A bond that is bending might be what appears like a C--C stretch.
Each compound has a unique pattern of signals in this region, which is why it's called the fingerprint region.
The IR spectrum of propanol and ethanol will look the same in their diagnostic regions, but their fingerprints will be different.
We will only focus on the signals that appear in the diagnostic region for the rest of the chapter.
If you see any characteristic signals in your textbook or lecture notes, you should check them out.
The highlighted bonds should be ranked in order of decreasing wavenumber.
The wavenumber of absorption is affected by factors that affect the strength of a bond.
There are bonds to hydrogen on the left side of the IR spectrum.
We will compare different kinds of bonds.
The wavenumber of absorption depends on the state of the carbon atom.

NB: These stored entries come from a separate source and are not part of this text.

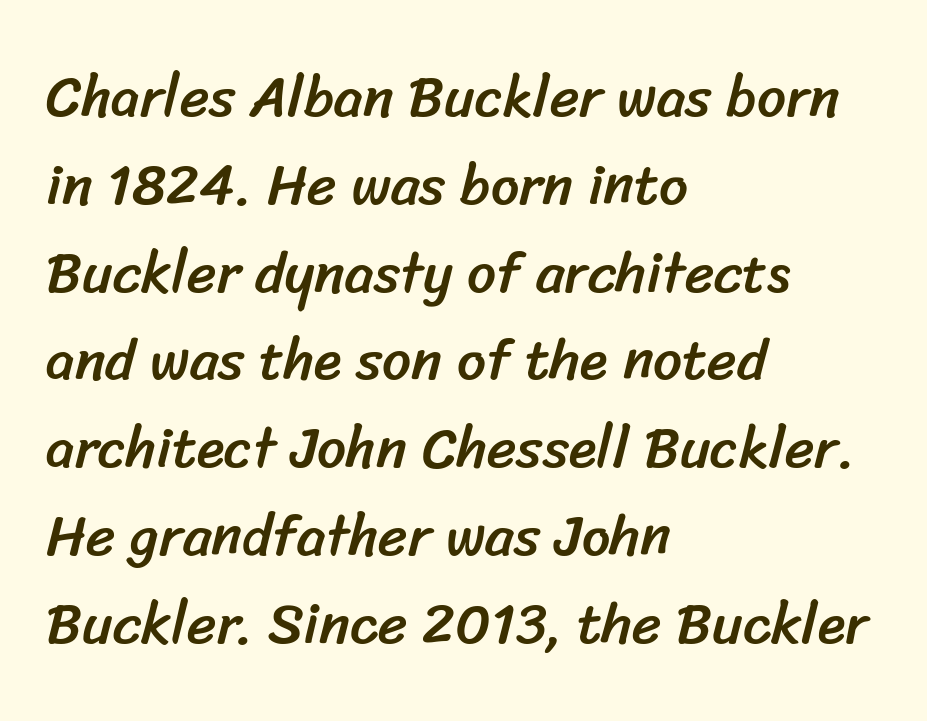
These lines are composed in type without serifs. No extra tracking has been applied to these lines. Line beginnings align vertically; line endings do not. Each letter keeps its own natural width here, so spacing adapts to shape. The line-height multiplier appears to be the usual default.
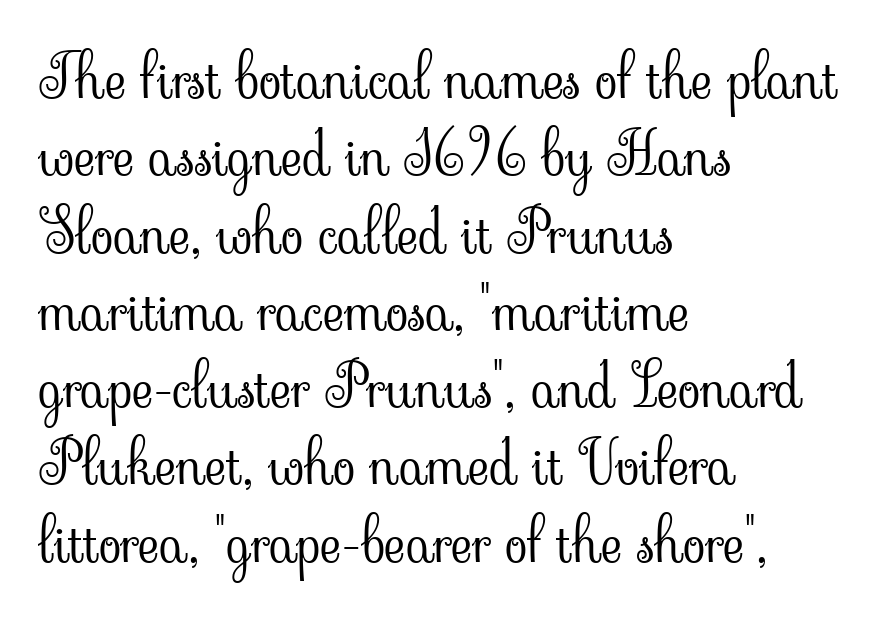
The image shows 59 px light serif type, upright; set left-aligned, normal line spacing (1.31x), normal letter spacing, not underlined; low stroke contrast and a small x-height.
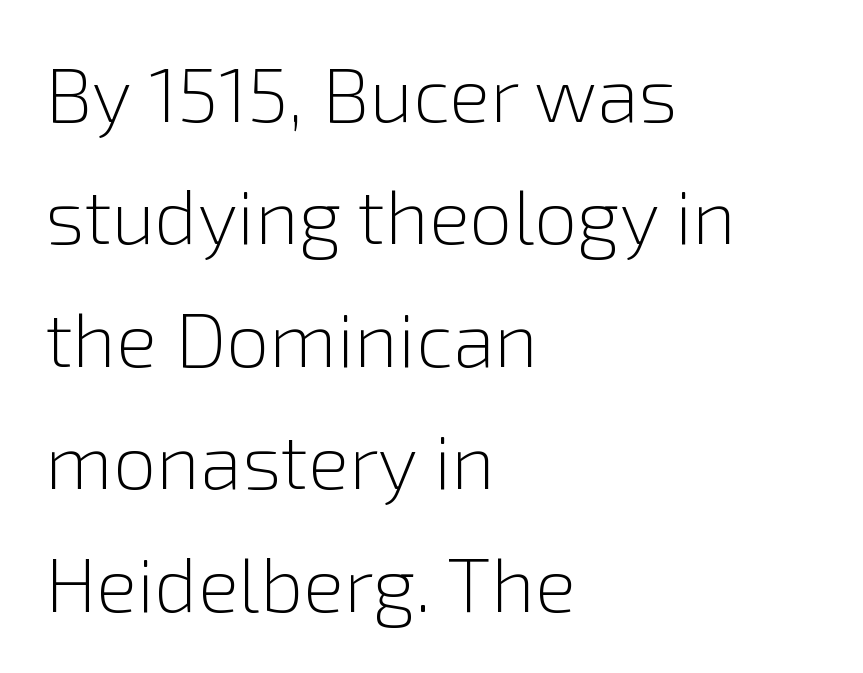
The image shows 77 px light sans-serif type, upright; set left-aligned, normal line spacing (1.59x), normal letter spacing, not underlined; low stroke contrast and a medium x-height.
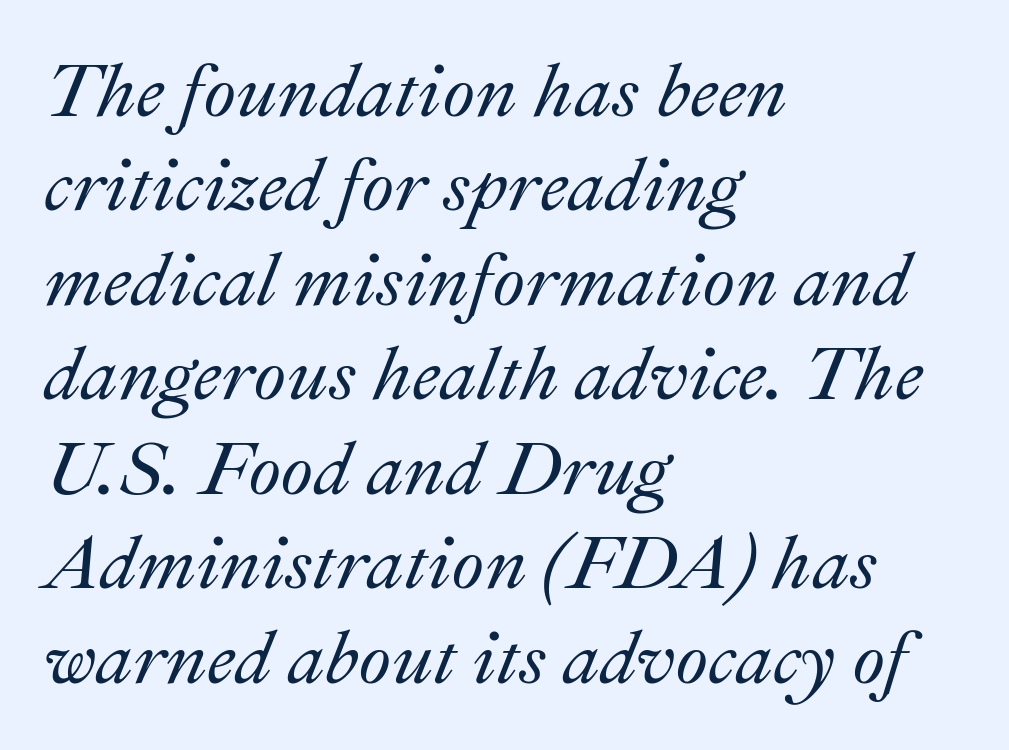
The image shows 75 px text type, italic (leaning right); set left-aligned, normal line spacing (1.26x), normal letter spacing, not underlined; medium stroke contrast and a small x-height.
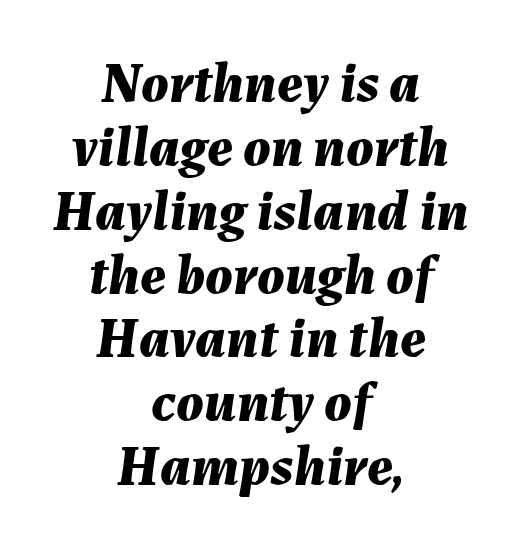
The rendering keeps characters at their native spacing. Quick note: interline space is minimal. The letters advance in unequal steps, a hallmark of proportional type. A full-strength bold gives these letters their thick strokes. Glance below the letters and you will spot only blank space.
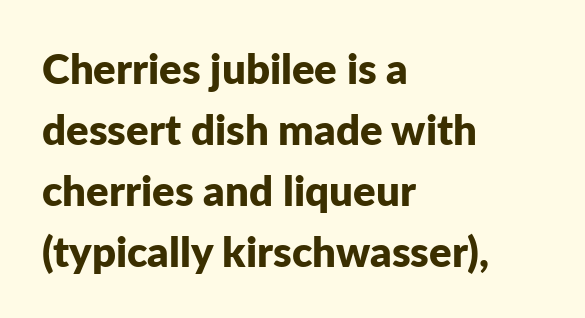
Q: Is the text bold? A: Yes.
Q: Is the text italic (slanted)? A: No, it is upright.
Q: Is the typeface a serif or a sans-serif typeface? A: Sans-serif.
Q: Is the text underlined? A: No.
Q: How is the paragraph aligned? A: Left-aligned.
Q: Is the spacing between letters normal or unusually wide? A: Normal.
Q: Is the spacing between lines tight, normal or loose? A: Normal.
Q: Width (condensed, normal, or wide)? A: Normal.
Q: Stroke contrast? A: Low.
Q: x-height? A: Medium.
Q: Monospaced? A: No.
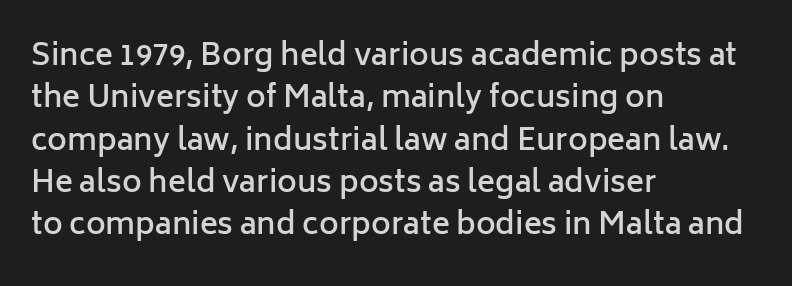
The image shows 30 px semibold sans-serif type, upright; set left-aligned, normal line spacing (1.41x), normal letter spacing, not underlined; low stroke contrast and a medium x-height.
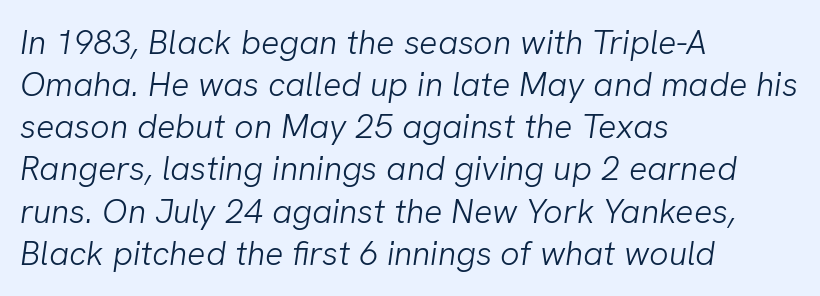
{"serif": "no", "bold": "no", "weight": "light", "width": "normal", "stroke_contrast": "low", "x_height": "medium", "monospaced": "no", "underline": "no", "align": "left", "line_spacing_ratio": 1.24, "letter_spacing": "normal", "letter_spacing_em": 0.0, "glyph_px": 34}
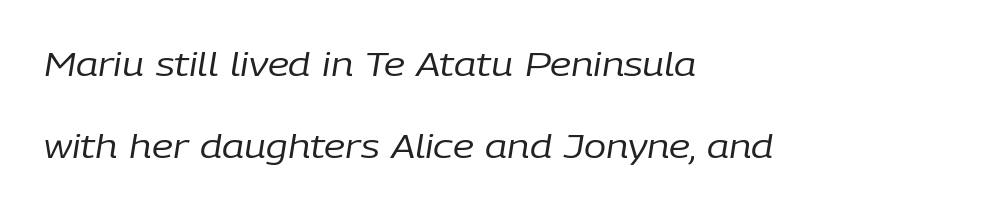
{"italic": "yes", "lean": "right", "slant_degrees": 9, "bold": "no", "weight": "regular", "width": "normal", "stroke_contrast": "low", "x_height": "medium", "monospaced": "no", "underline": "no", "align": "left", "line_spacing": "loose", "line_spacing_ratio": 2.48, "letter_spacing": "normal", "letter_spacing_em": 0.0, "glyph_px": 33}
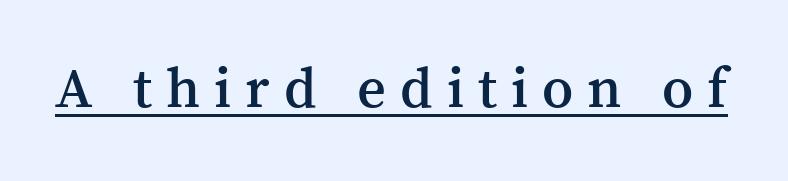
Q: Is the text bold? A: Semi-bold.
Q: Is the text italic (slanted)? A: No, it is upright.
Q: Is the typeface a serif or a sans-serif typeface? A: Serif.
Q: Is the text underlined? A: Yes.
Q: Is the spacing between letters normal or unusually wide? A: Unusually wide.
Q: Width (condensed, normal, or wide)? A: Normal.
Q: Stroke contrast? A: Medium.
Q: x-height? A: Medium.
Q: Monospaced? A: No.
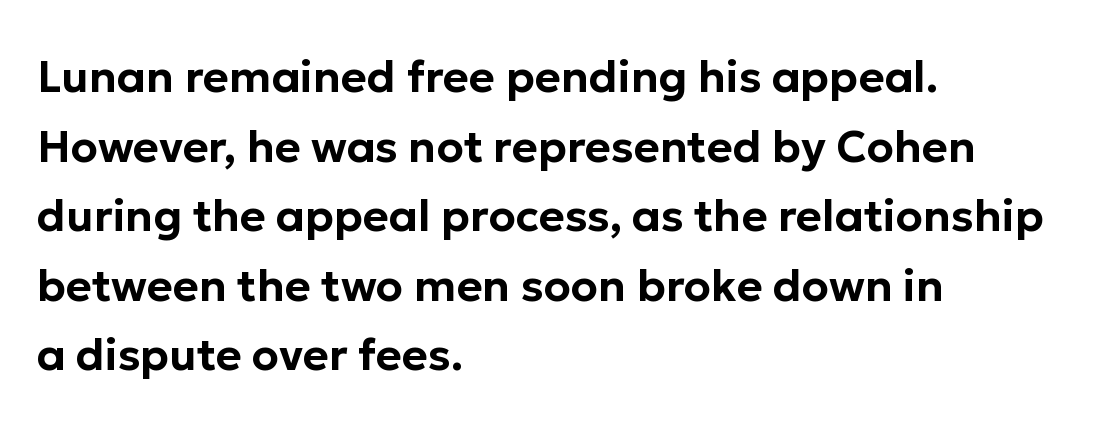
{"serif": "no", "italic": "no", "width": "normal", "stroke_contrast": "low", "x_height": "medium", "monospaced": "no", "underline": "no", "align": "left", "line_spacing": "normal", "line_spacing_ratio": 1.58, "letter_spacing": "normal", "letter_spacing_em": 0.0, "glyph_px": 44}
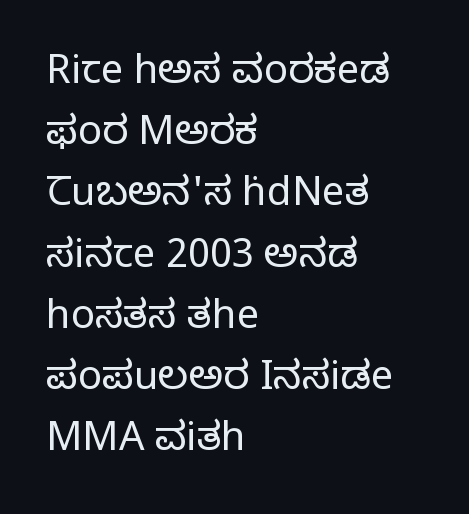
{"serif": "yes", "italic": "no", "bold": "no", "weight": "regular", "width": "normal", "stroke_contrast": "low", "x_height": "large", "monospaced": "no", "underline": "no", "align": "left", "line_spacing": "normal", "line_spacing_ratio": 1.53, "letter_spacing": "normal", "letter_spacing_em": 0.0, "glyph_px": 40}
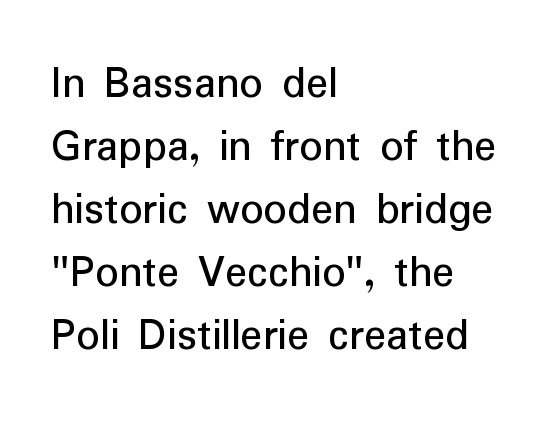
{"serif": "no", "italic": "no", "bold": "no", "weight": "regular", "width": "normal", "stroke_contrast": "low", "x_height": "medium", "monospaced": "no", "underline": "no", "align": "left", "line_spacing": "normal", "line_spacing_ratio": 1.37, "letter_spacing": "normal", "letter_spacing_em": 0.0, "glyph_px": 46}
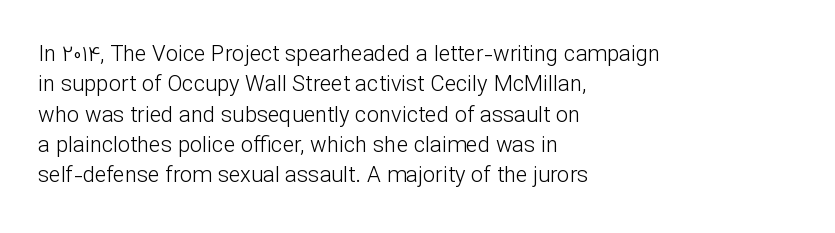
{"italic": "no", "bold": "no", "underline": "no", "align": "left", "line_spacing": "normal", "line_spacing_ratio": 1.38, "letter_spacing": "normal", "letter_spacing_em": 0.0, "glyph_px": 22}
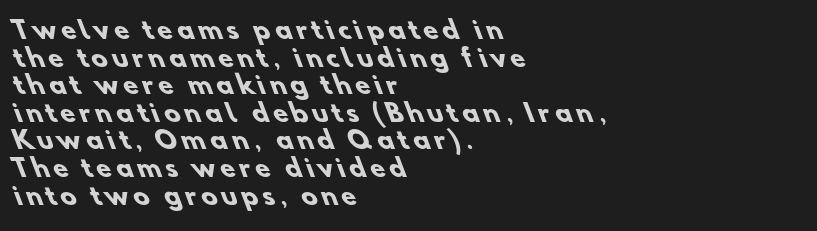
The image shows 24 px bold type; set left-aligned, tight line spacing (1.15x), not underlined.
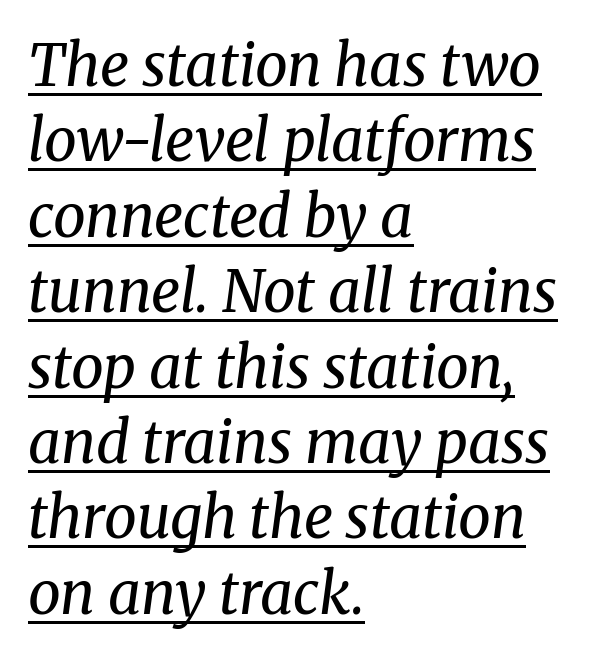
The image shows 58 px regular-weight serif type, italic (leaning right); set left-aligned, normal line spacing (1.3x), normal letter spacing, underlined; medium stroke contrast and a medium x-height.
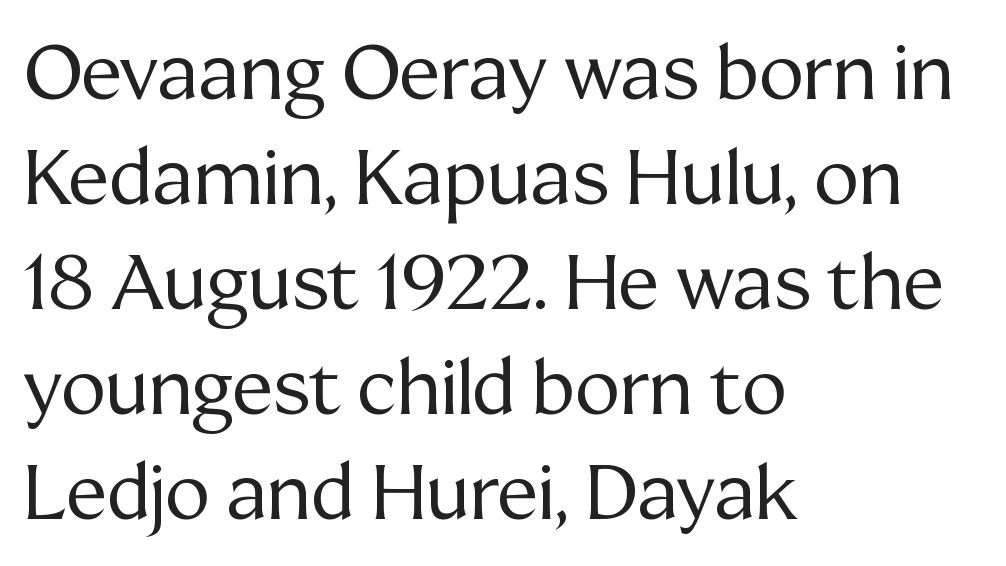
The image shows 76 px regular-weight serif type, upright; set left-aligned, normal line spacing (1.38x), normal letter spacing, not underlined; medium stroke contrast and a medium x-height.
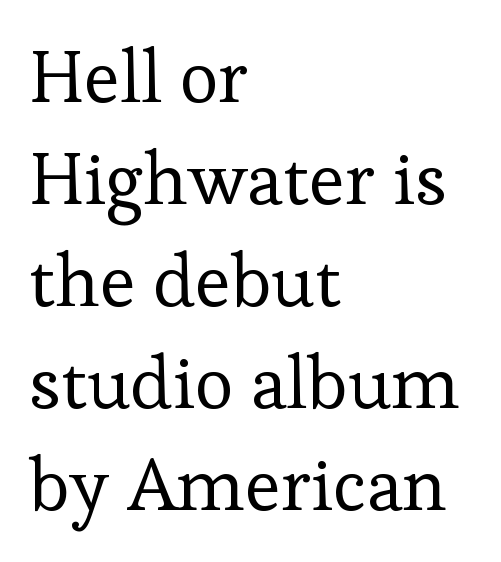
Nope, not italic — everything's standing straight. The letters carry serifs — small finishing strokes at the ends of their stems. Just letters on the line, the space beneath them empty. Caption: standard tracking, unaltered.
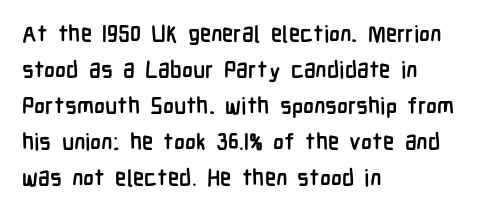
Q: Is the text bold? A: Yes.
Q: Is the text italic (slanted)? A: No, it is upright.
Q: Is the text underlined? A: No.
Q: How is the paragraph aligned? A: Left-aligned.
Q: Is the spacing between letters normal or unusually wide? A: Normal.
Q: Is the spacing between lines tight, normal or loose? A: Normal.
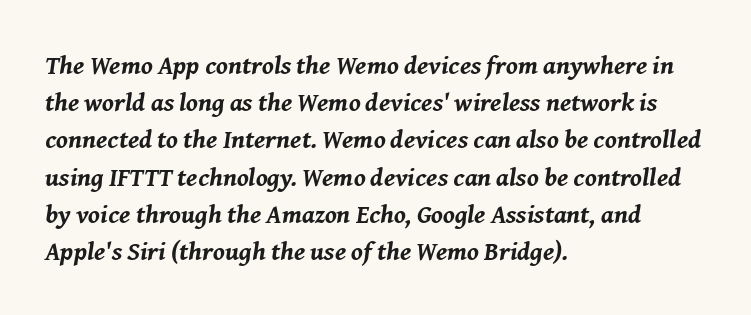
Q: Is the text bold? A: Yes.
Q: Is the text italic (slanted)? A: Yes, it leans right by about 8 degrees.
Q: Is the text underlined? A: No.
Q: How is the paragraph aligned? A: Left-aligned.
Q: Is the spacing between letters normal or unusually wide? A: Normal.
Q: Is the spacing between lines tight, normal or loose? A: Normal.

The C --H bond will be shorter.
The weakest bond is the C --H bond.
We draw a line at 3000 cm-1.
The signals to the right of the line come from C --H bonds.
The signal to the left of 3000 cm-1 does not come from an alkane.
An alkene can produce a signal at 3100 cm-1, while an alkyne can produce a signal at 3300 cm-1.
Double bonds and internal triple bonds do not have any C --H bonds.
Let's look at the effects of resonance on bond strength.
There is a second compound.
In your textbook, you will learn more about the p systems.
We will analyze the effect of conjugate on the IR absorption of the carbonyl group.
The saturated ketone group produces a signal at a lower wavenumber than the carbonyl group.
We must draw resonance structures for each compound in order to understand why.
Let's start with the substance.
There are two resonance structures for Ketones.
The carbonyl group is drawn as a double bond in the first resonance structure and a single bond in the second resonance structure.
The contribution from each resonance structure must be considered in order to determine the nature of this bond.
The second resonance structure has charge separation and a carbon atom that has less than an octet of electrons.
The second resonance structure contributes to the overall character of the carbonyl group.
The carbonyl group of a ketone has a double-bond character.
Take a look at the resonance structures for a conjugate, unsaturated ketone.
Unconjugated, unsaturated ketones have three resonance structures instead of two.
The carbonyl group is drawn as a single bond in the third resonance structure.
This resonance structure shows charge separation as well as a carbon atom with less than an octet of electrons.
The resonance structure contributes to the overall character of the compound.
The carbonyl group of a saturated ketone has more single-bond character than the carbonyl group of a third resonance structure.
The signal at a lower wavenumber is produced by a slightly weaker bond with more single-bond character.
There is a similar trend.
A signal at 1740 cm-1 is the average, but a signal at 1710 cm-1 is the average.
The carbonyl group is a weaker bond due to resonance.
The compound has three carbonyl groups.